**Work order:**
Output all entries exactly as they appear and skip the pictures.

**Items listed in a dataset:**
..........

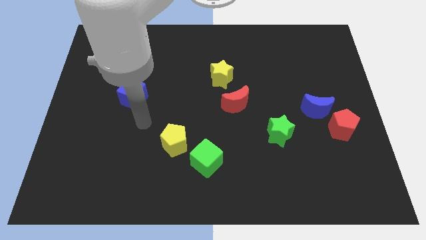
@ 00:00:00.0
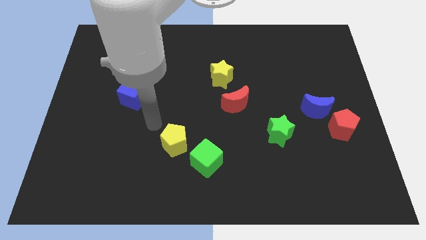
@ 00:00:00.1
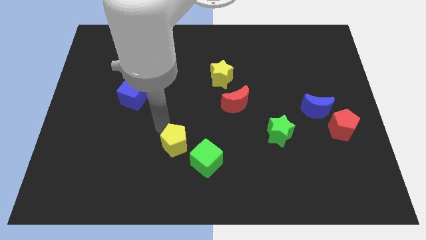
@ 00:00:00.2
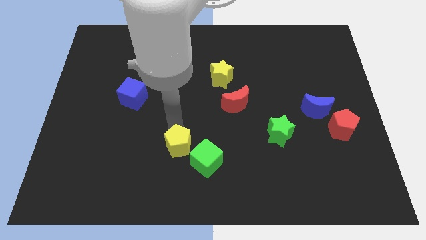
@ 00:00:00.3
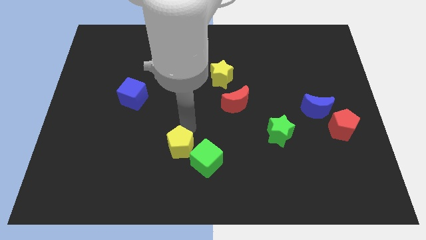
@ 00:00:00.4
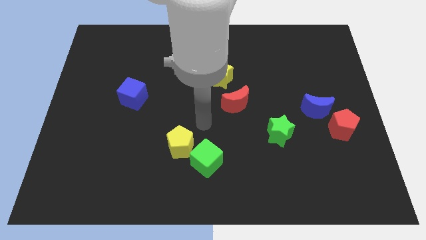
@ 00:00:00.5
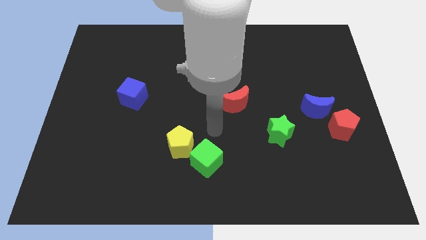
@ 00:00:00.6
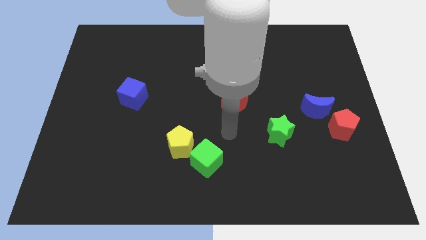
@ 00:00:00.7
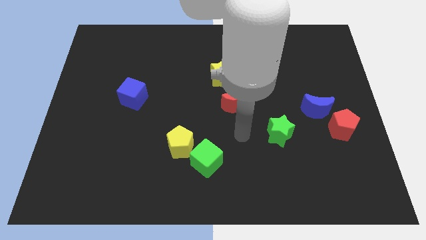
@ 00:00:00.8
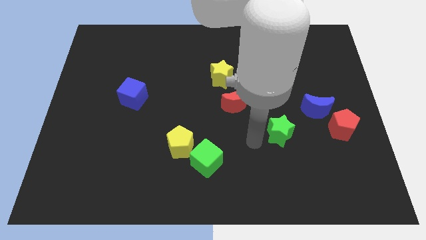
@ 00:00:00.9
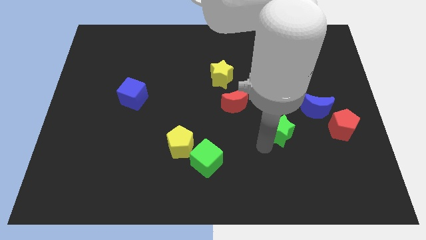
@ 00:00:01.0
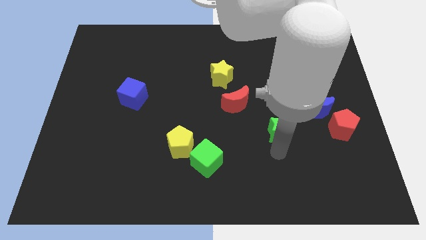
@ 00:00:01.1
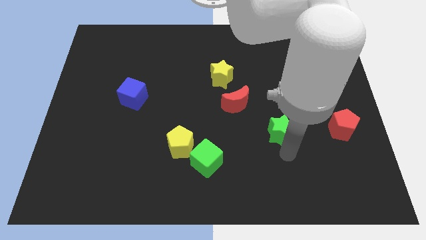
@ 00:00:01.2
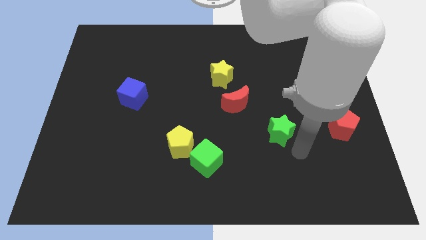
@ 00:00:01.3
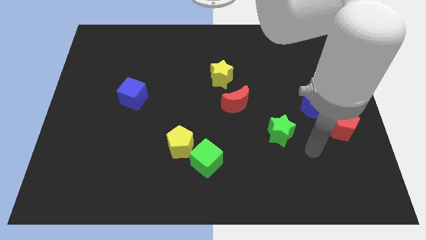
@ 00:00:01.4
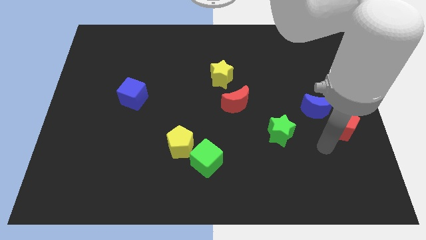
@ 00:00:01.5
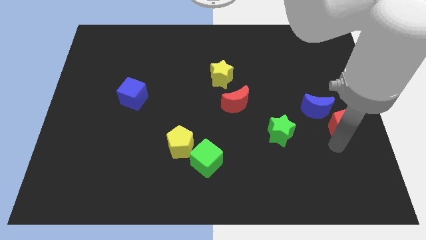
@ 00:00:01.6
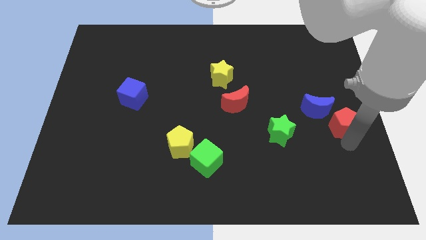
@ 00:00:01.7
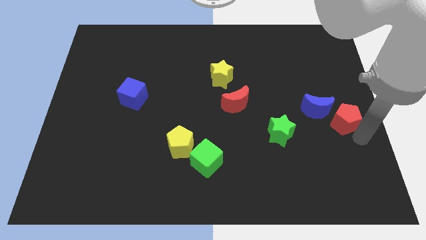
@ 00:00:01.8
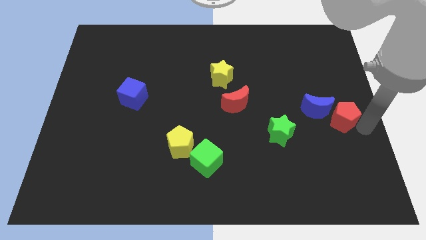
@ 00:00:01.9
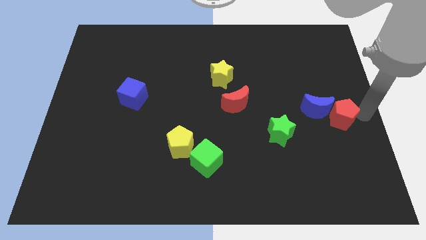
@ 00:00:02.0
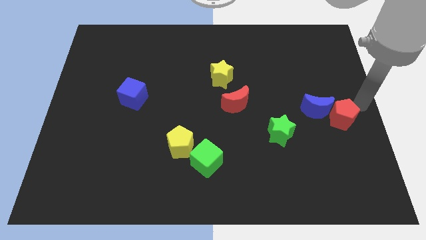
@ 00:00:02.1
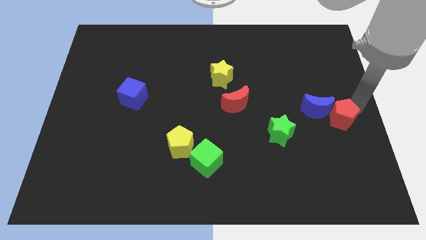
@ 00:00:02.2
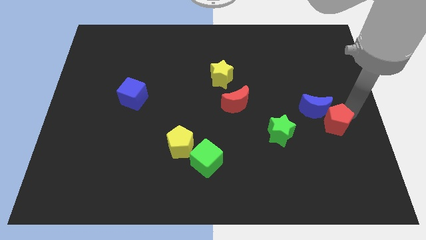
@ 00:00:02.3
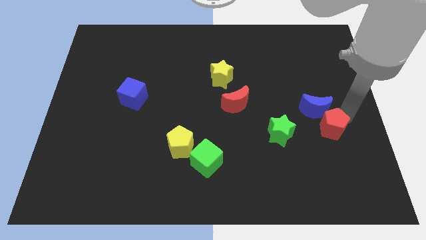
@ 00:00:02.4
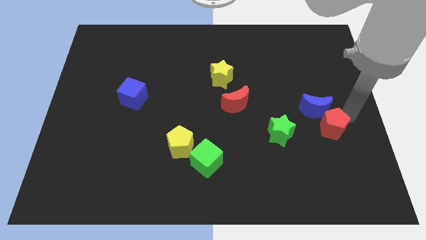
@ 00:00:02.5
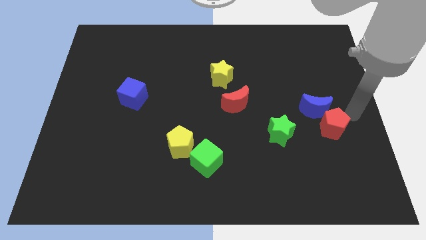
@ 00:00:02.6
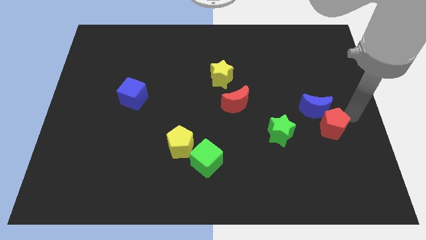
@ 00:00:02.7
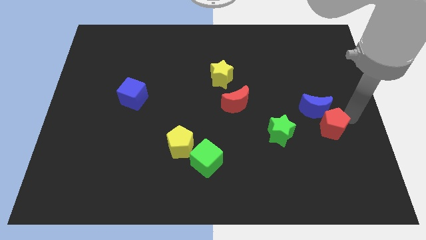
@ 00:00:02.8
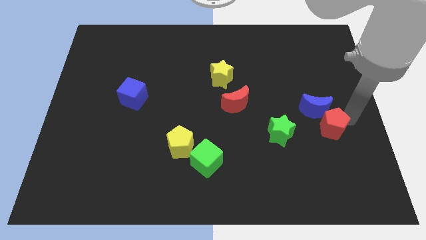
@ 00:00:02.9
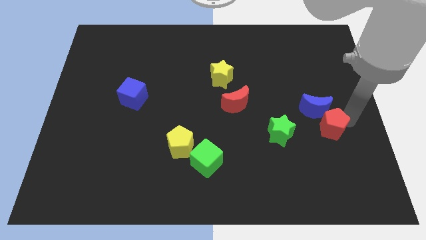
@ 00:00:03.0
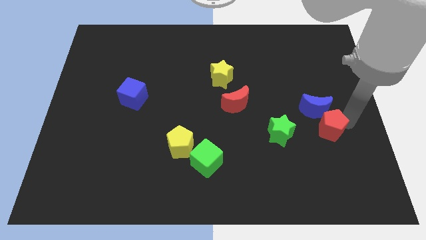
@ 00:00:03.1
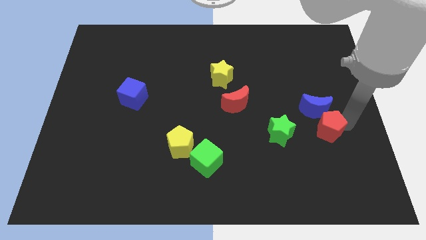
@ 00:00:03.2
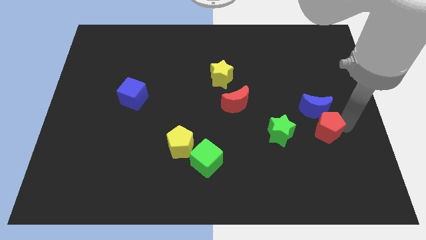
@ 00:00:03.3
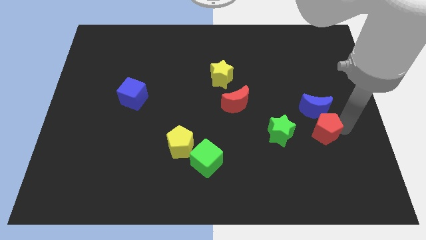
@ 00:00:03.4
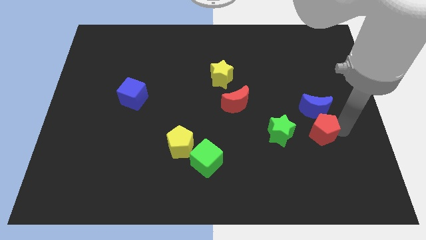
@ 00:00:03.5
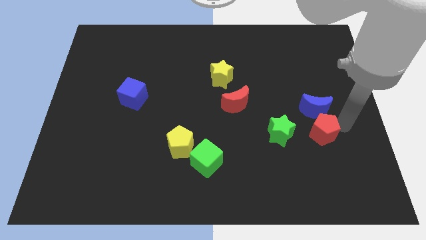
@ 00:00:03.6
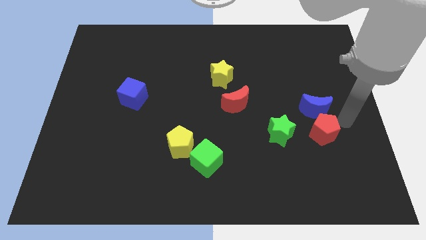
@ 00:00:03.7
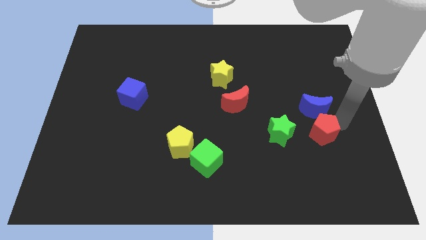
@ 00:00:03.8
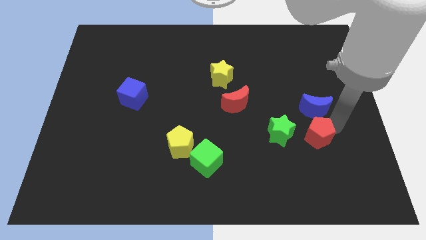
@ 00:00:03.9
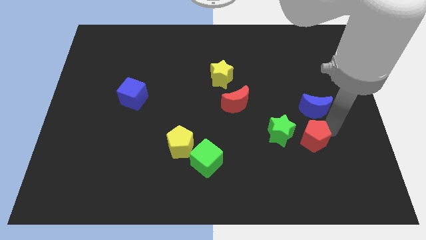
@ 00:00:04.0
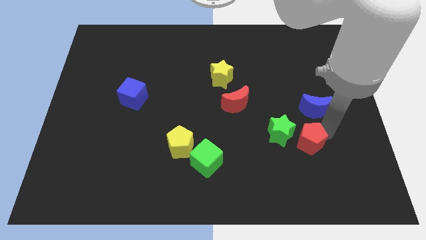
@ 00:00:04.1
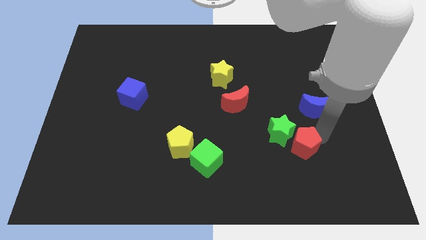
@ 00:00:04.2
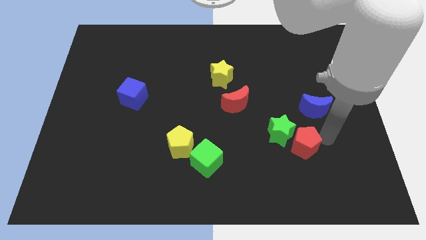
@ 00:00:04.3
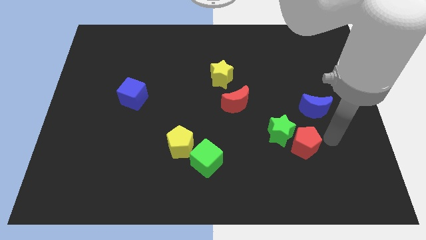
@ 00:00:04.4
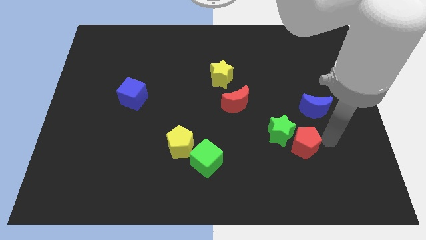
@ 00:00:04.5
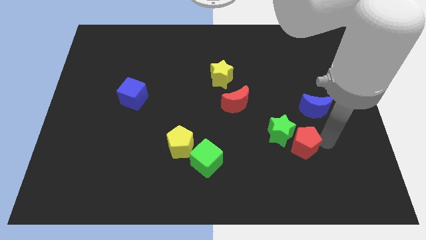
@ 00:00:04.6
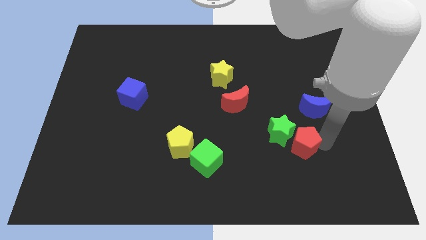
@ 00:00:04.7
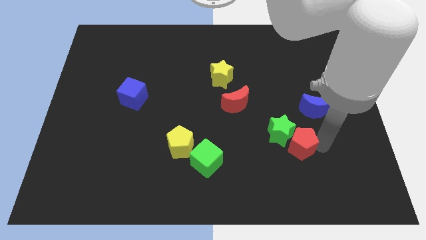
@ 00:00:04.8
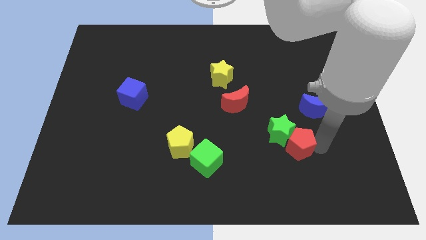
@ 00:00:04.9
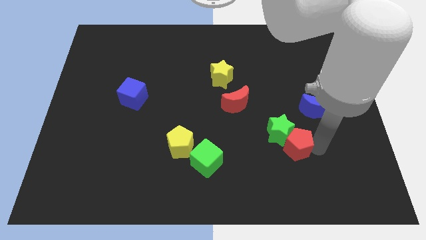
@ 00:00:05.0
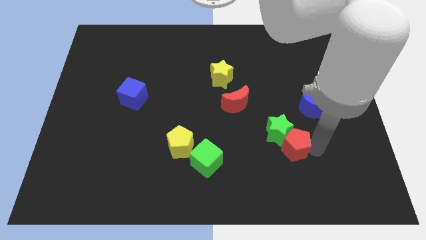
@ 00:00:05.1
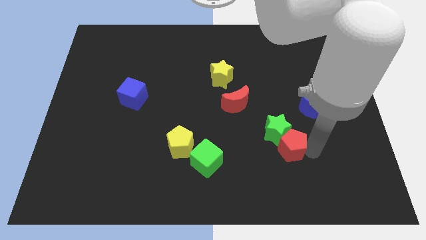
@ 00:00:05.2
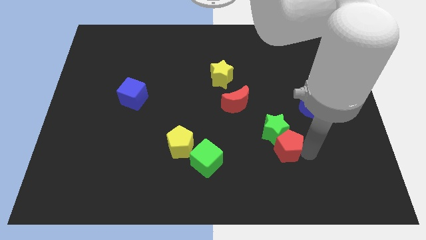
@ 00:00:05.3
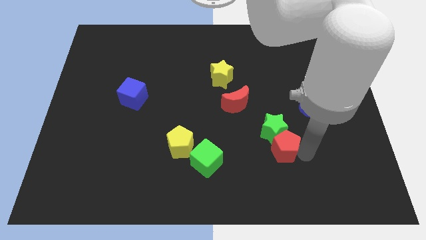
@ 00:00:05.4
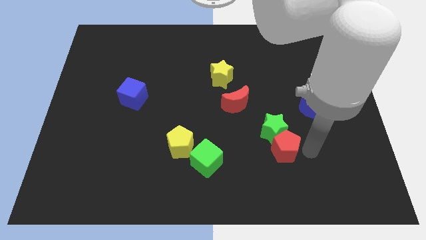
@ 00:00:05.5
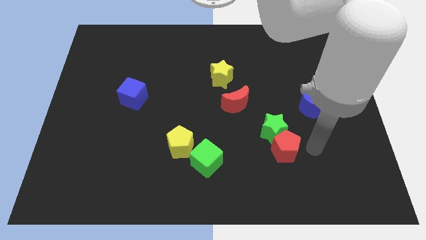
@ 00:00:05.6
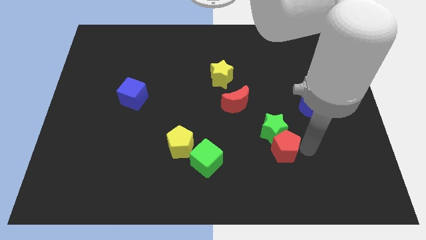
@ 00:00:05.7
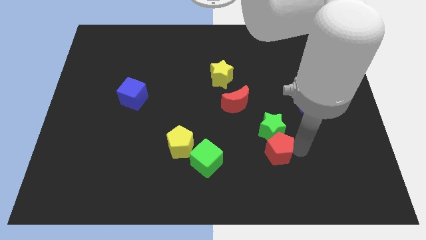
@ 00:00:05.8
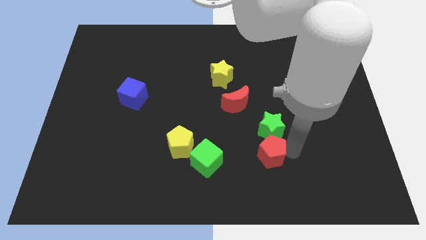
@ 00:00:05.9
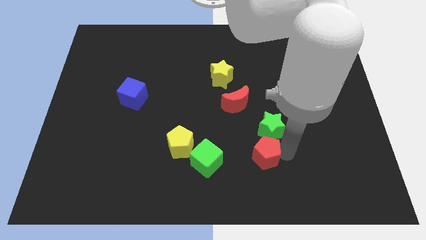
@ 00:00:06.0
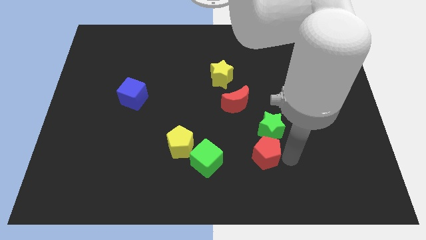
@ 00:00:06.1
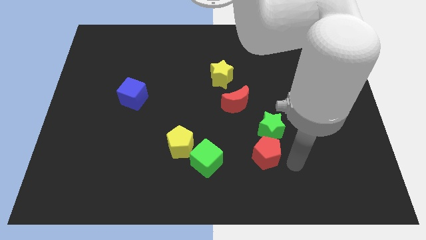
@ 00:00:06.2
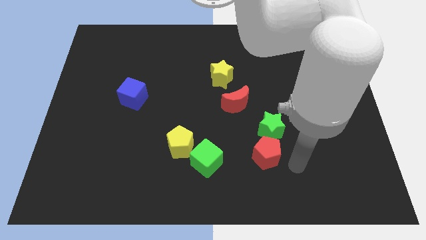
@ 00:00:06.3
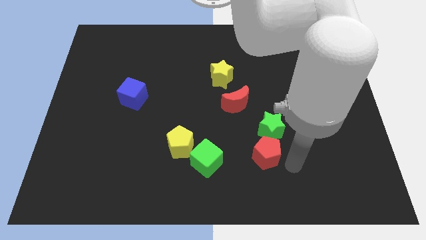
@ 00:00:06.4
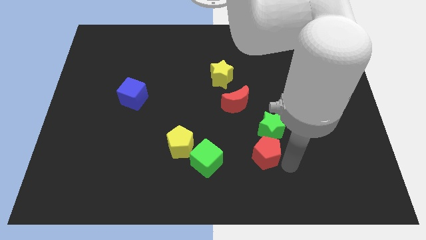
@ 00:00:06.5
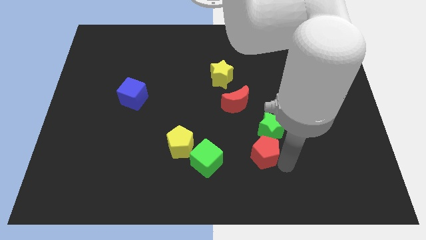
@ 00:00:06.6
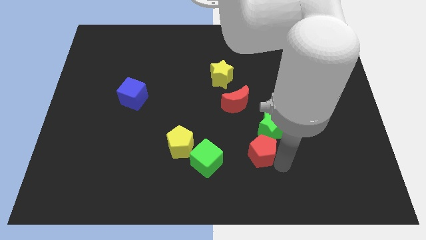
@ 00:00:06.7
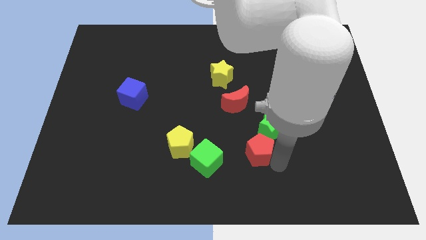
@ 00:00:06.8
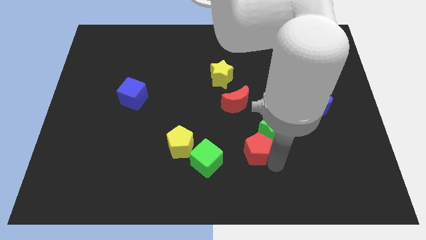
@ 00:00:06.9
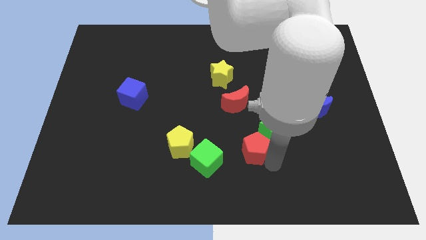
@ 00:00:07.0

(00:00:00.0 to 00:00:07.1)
put the red pentagon to the right side of the yellow pentagon

..........

**Exercise answer:**
@ 00:00:00.0
@ 00:00:00.1
@ 00:00:00.2
@ 00:00:00.3
@ 00:00:00.4
@ 00:00:00.5
@ 00:00:00.6
@ 00:00:00.7
@ 00:00:00.8
@ 00:00:00.9
@ 00:00:01.0
@ 00:00:01.1
@ 00:00:01.2
@ 00:00:01.3
@ 00:00:01.4
@ 00:00:01.5
@ 00:00:01.6
@ 00:00:01.7
@ 00:00:01.8
@ 00:00:01.9
@ 00:00:02.0
@ 00:00:02.1
@ 00:00:02.2
@ 00:00:02.3
@ 00:00:02.4
@ 00:00:02.5
@ 00:00:02.6
@ 00:00:02.7
@ 00:00:02.8
@ 00:00:02.9
@ 00:00:03.0
@ 00:00:03.1
@ 00:00:03.2
@ 00:00:03.3
@ 00:00:03.4
@ 00:00:03.5
@ 00:00:03.6
@ 00:00:03.7
@ 00:00:03.8
@ 00:00:03.9
@ 00:00:04.0
@ 00:00:04.1
@ 00:00:04.2
@ 00:00:04.3
@ 00:00:04.4
@ 00:00:04.5
@ 00:00:04.6
@ 00:00:04.7
@ 00:00:04.8
@ 00:00:04.9
@ 00:00:05.0
@ 00:00:05.1
@ 00:00:05.2
@ 00:00:05.3
@ 00:00:05.4
@ 00:00:05.5
@ 00:00:05.6
@ 00:00:05.7
@ 00:00:05.8
@ 00:00:05.9
@ 00:00:06.0
@ 00:00:06.1
@ 00:00:06.2
@ 00:00:06.3
@ 00:00:06.4
@ 00:00:06.5
@ 00:00:06.6
@ 00:00:06.7
@ 00:00:06.8
@ 00:00:06.9
@ 00:00:07.0

(00:00:00.0 to 00:00:07.1)
put the red pentagon to the right side of the yellow pentagon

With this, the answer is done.